Tom & Jerry is directed by Tim Story, whose previous directorial works includes such movies like Fantastic Four (and its sequel) as well as Barbershop and Think Like a Man. Given his attachment to many comedy feature film endeavors, Story seems like a suitable choice to bring something like Tom and Jerry to silver screen, especially given the fact that the animated cat and mouse are well-known for their cartoon antics of going at it with each other in broad (yet physical) acts. In this regard, Story does a pretty good facet; approaching Tom & Jerry with a sense of kids in mind as well as his target demographic, which is a combination of the juice box crowd (maybe a little bit older) as well as those who had grown up with the two characters and the many misadventures they had across the decades. Yet, to be sure, Story makes Tom & Jerry a kid’s movie…. through and through, with plenty of large-scale characters and sequences of events that are very much lively and colorful; offering humor a plenty and deserving a sort of silliness. I felt the movie itself was pretty cute and fun, especially with that in mind. It’s definitely not a perfect movie in the world of children’s entertainment as the feature does have numerous problems (more on that below), but Tom & Jerry (like the character themselves) should be taken as “face value” and not so much delve deep into something like a Pixar endeavor.

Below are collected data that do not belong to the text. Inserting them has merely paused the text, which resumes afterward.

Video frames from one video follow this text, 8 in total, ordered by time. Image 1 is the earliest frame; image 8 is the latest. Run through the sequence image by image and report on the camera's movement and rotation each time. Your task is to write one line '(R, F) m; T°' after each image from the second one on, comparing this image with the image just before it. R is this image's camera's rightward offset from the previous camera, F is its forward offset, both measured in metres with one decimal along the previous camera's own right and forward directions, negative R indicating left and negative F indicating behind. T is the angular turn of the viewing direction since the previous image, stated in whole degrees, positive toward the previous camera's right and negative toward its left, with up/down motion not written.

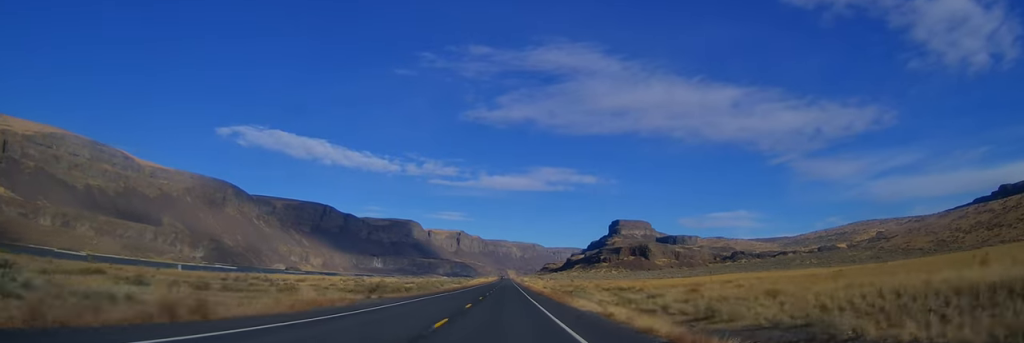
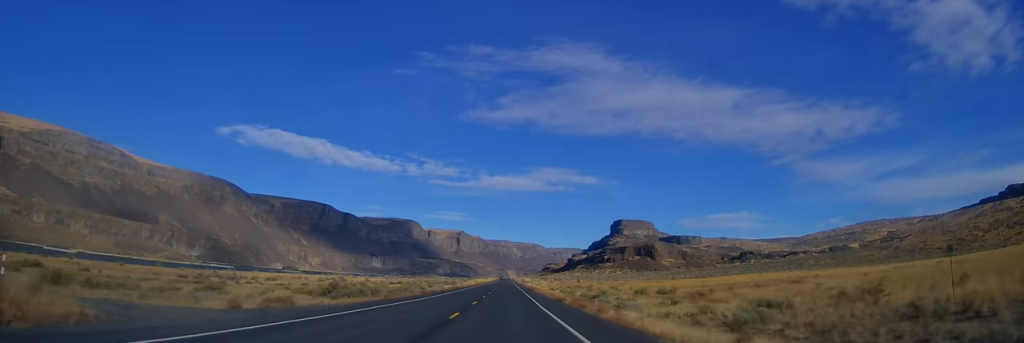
(+0.1, +21.0) m; 0°
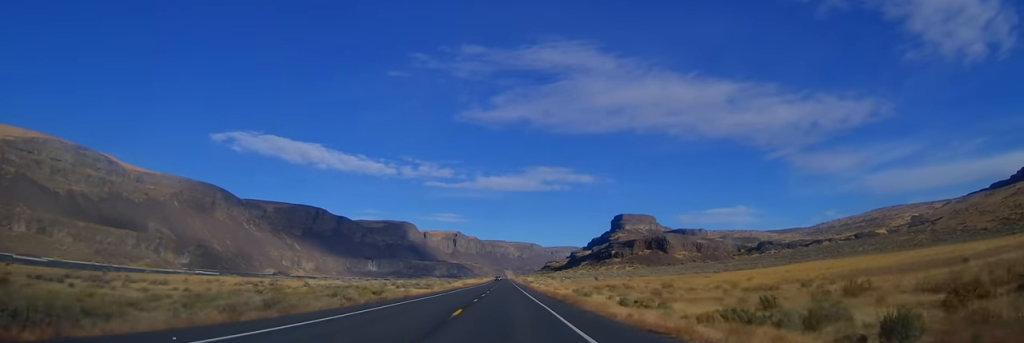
(-0.4, +47.8) m; -1°
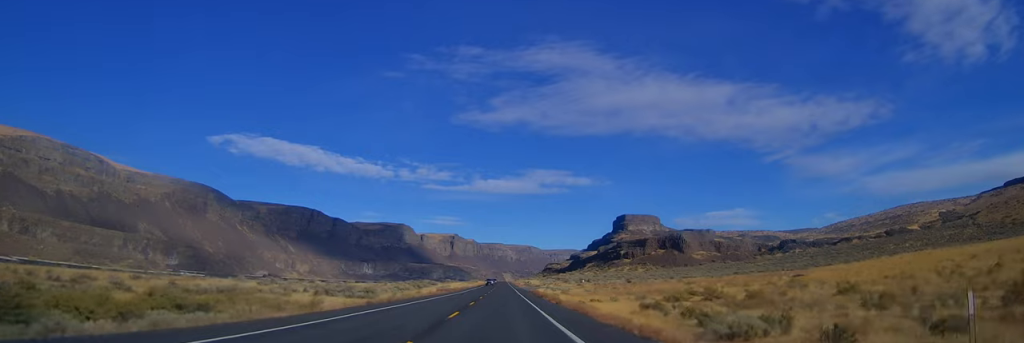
(+0.3, +47.9) m; +1°
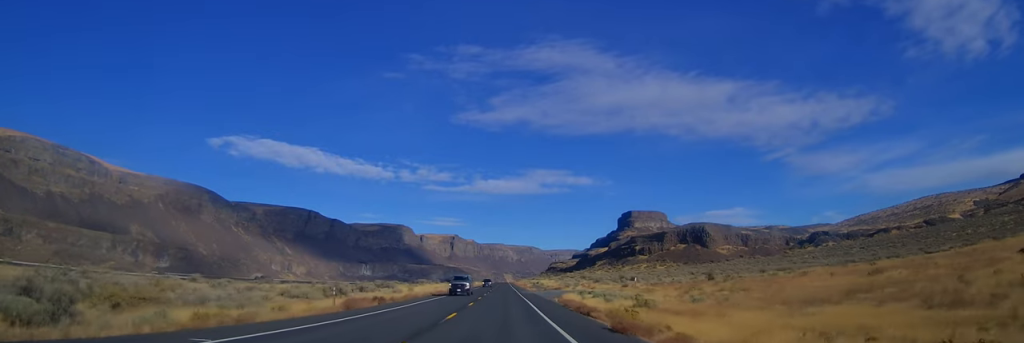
(-0.5, +48.9) m; -1°
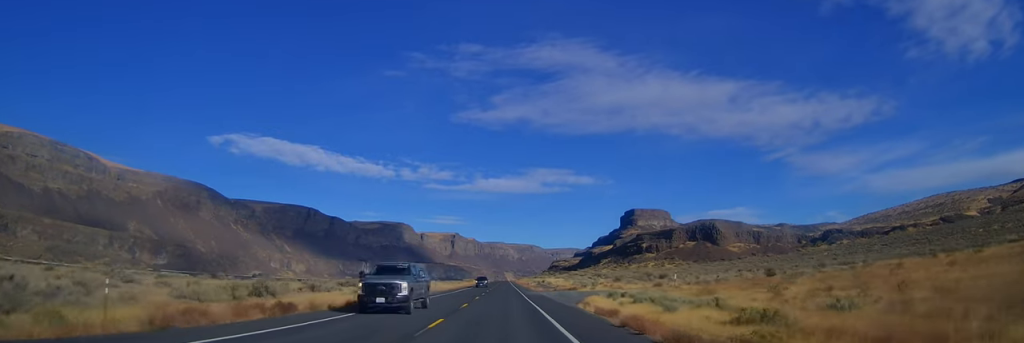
(0.0, +17.2) m; 0°
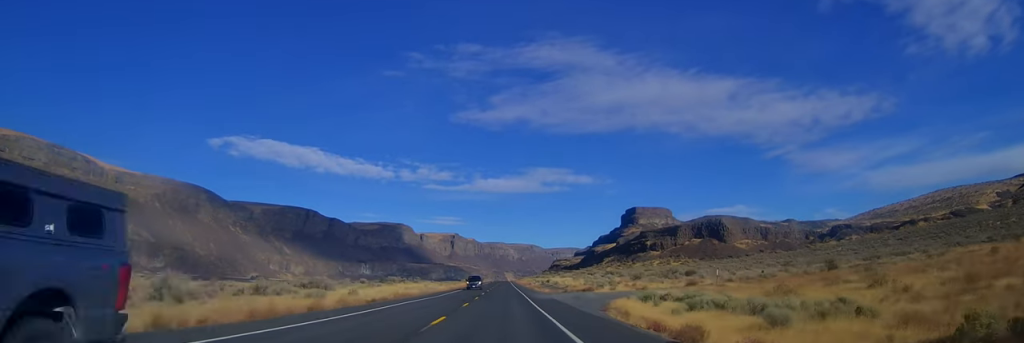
(+0.1, +11.5) m; 0°
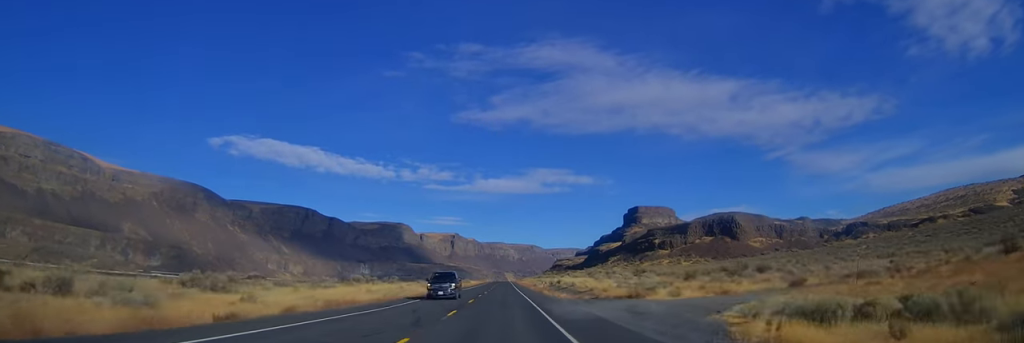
(+0.1, +19.2) m; 0°

Perhaps the best strength that Story does with the property is both honor the characters of Tom and Jerry (in what parts they are in) with both nostalgia and updating duo for the modern times. While there are faults with the movie, what actually stands out the most is the rivalry mischief that Tom and Jerry get into, with plenty of acts of shenanigans and cartoon violent fun that the two are well-known for. Of course, they are toned down from the original animated shorts, but their inclusion in this new property, especially considering the altercations made in their direct-to-video films, are a welcomed one and gives that nostalgia feeling. There are even a few callbacks to couple of scenarios where Tom and Jerry find themselves trying to get back at one another. This did put a joy on my face as it was kind of a little bit traveling back down memory lane in my childhood with these two characters. Additionally, Story decides to modernize the film’s setting; creating a very lively and updated iteration of Tom and Jerry characters and I think that was a smart move. Naturally, there is lessons to be learned and comedy abound, but the nostalgia refences in Tom & Jerry are the best aspect that Story makes within his movie. I think everyone can agree with that.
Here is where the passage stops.